Jack Thorogood

Personal information
- Full name: Jack Thorogood
- Date of birth: 4 April 1911
- Place of birth: Dinnington, England
- Date of death: 1970 (aged 59)
- Place of death: Bridlington, England
- Height: 5 ft 6+1⁄4 in (1.68 m)
- Position(s): Outside left

Senior career*
- Years: Team / Apps / (Gls)
- 19??–1930: Frickley Colliery
- 1930–1934: Birmingham / 23 / (2)
- 1934–1939: Millwall / 75 / (24)
- 1939: Doncaster Rovers / 0 / (0)

= Jack Thorogood =

English footballer (1911–1970)

Jack Thorogood (4 April 1911 – 1970) was an English professional footballer who scored 26 goals in 98 appearances in the Football League playing for Birmingham and Millwall.
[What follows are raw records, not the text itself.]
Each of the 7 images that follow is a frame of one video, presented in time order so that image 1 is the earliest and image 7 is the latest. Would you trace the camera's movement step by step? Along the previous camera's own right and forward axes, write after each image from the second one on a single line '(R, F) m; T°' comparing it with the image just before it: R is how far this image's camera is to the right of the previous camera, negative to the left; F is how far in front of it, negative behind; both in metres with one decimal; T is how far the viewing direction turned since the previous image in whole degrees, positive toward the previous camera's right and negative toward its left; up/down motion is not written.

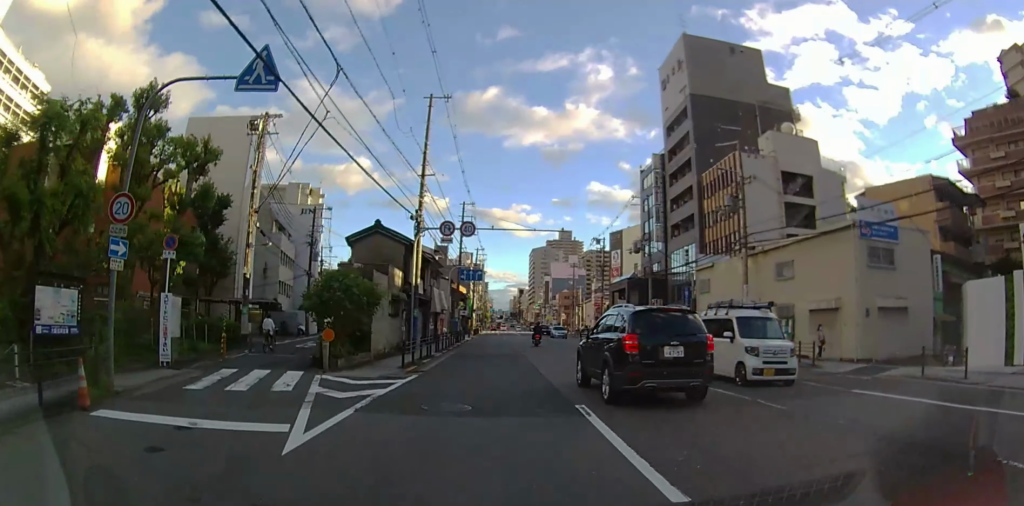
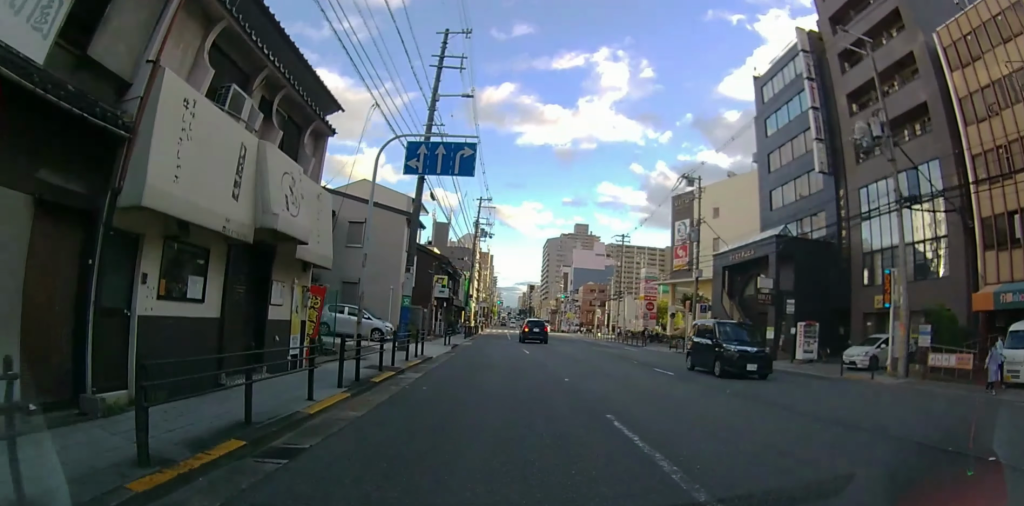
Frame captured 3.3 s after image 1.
(-0.8, +31.5) m; -3°
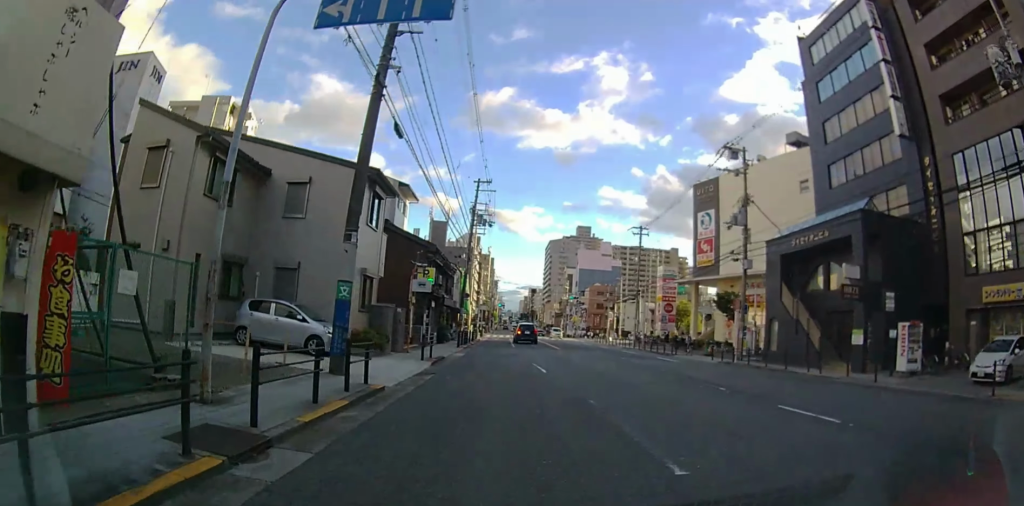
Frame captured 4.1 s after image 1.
(0.0, +7.8) m; 0°
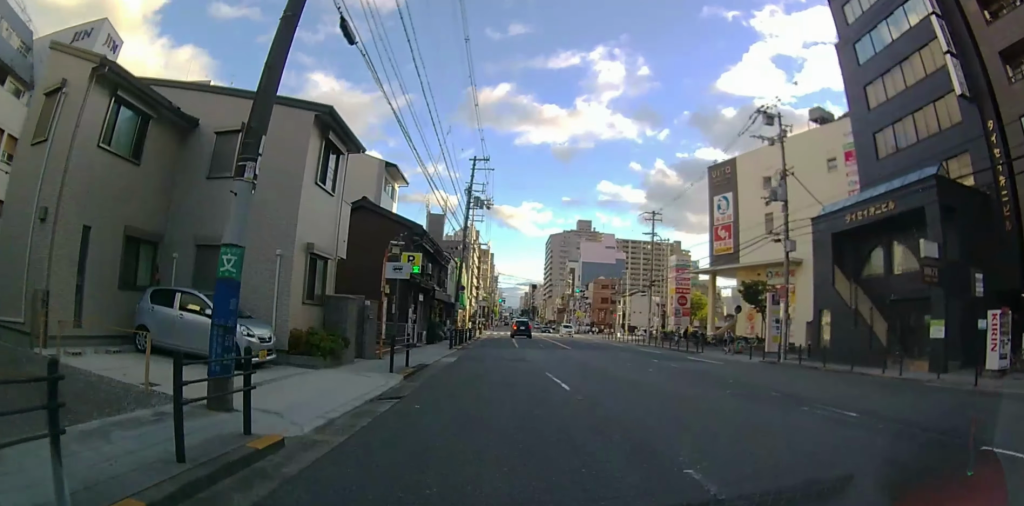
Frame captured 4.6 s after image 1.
(-0.1, +5.3) m; 0°
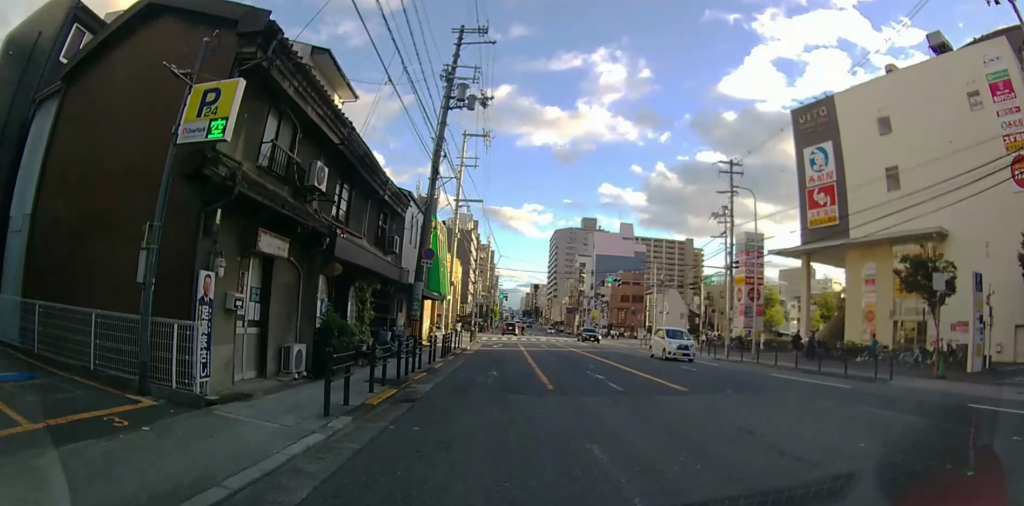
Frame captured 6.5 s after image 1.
(+0.5, +18.4) m; +2°
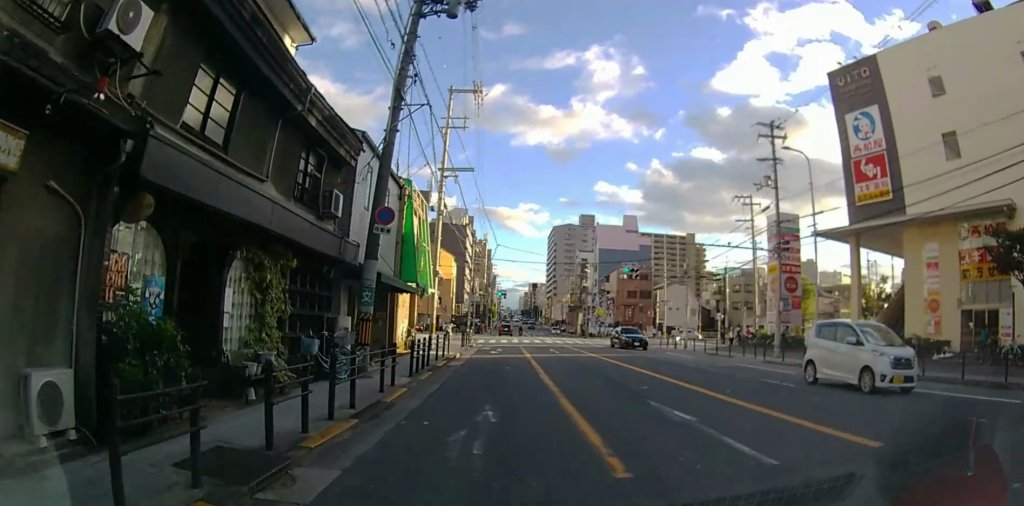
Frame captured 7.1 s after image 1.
(0.0, +6.5) m; 0°
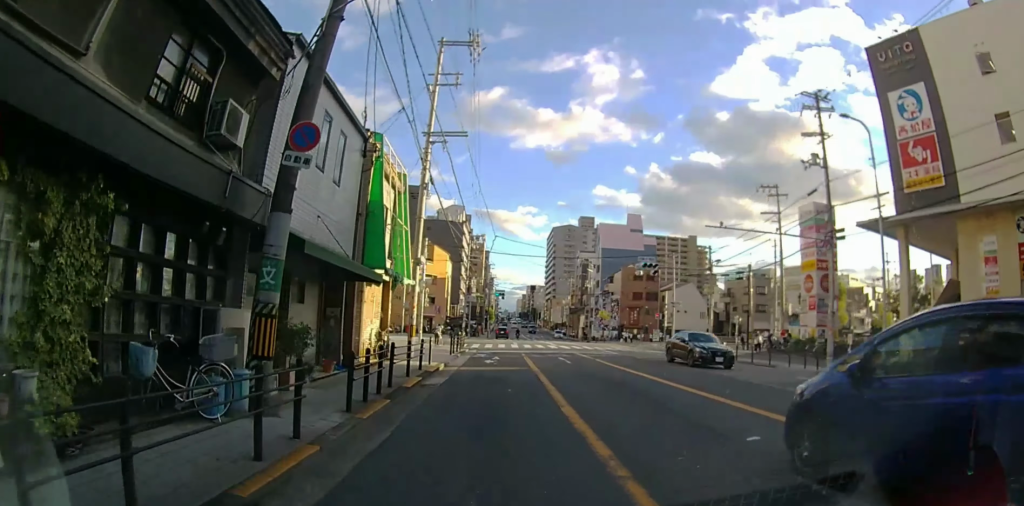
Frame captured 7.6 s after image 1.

He played as an outside left.

==Life and career==
Thorogood was born in Dinnington, Yorkshire. He began his football career with Frickley Colliery before joining Birmingham of the Football League First Division in November 1930. He made his debut on 6 December 1930 in a 2–0 win at home to Huddersfield Town, but was unable to dislodge Ernie Curtis from the starting eleven. Even when Curtis left, Thorogood failed to impose himself, and in the 1934 close season he moved to Millwall, where he benefited from regular football to score at a rate of a goal every three games. He scored Millwall's 1000th Football League goal, against Gillingham in 1935–36, and was part of their giant-killing FA Cup team the following season. He signed for Doncaster Rovers shortly before the Second World War, and made guest appearances for several clubs during the war.

After retiring from football Thorogood took up tennis. He won the Doncaster Tennis Cup at least twice and played in the Yorkshire Lawn Tennis Championships.

Thorogood died in Bridlington, Yorkshire, in 1970 at the age of 59.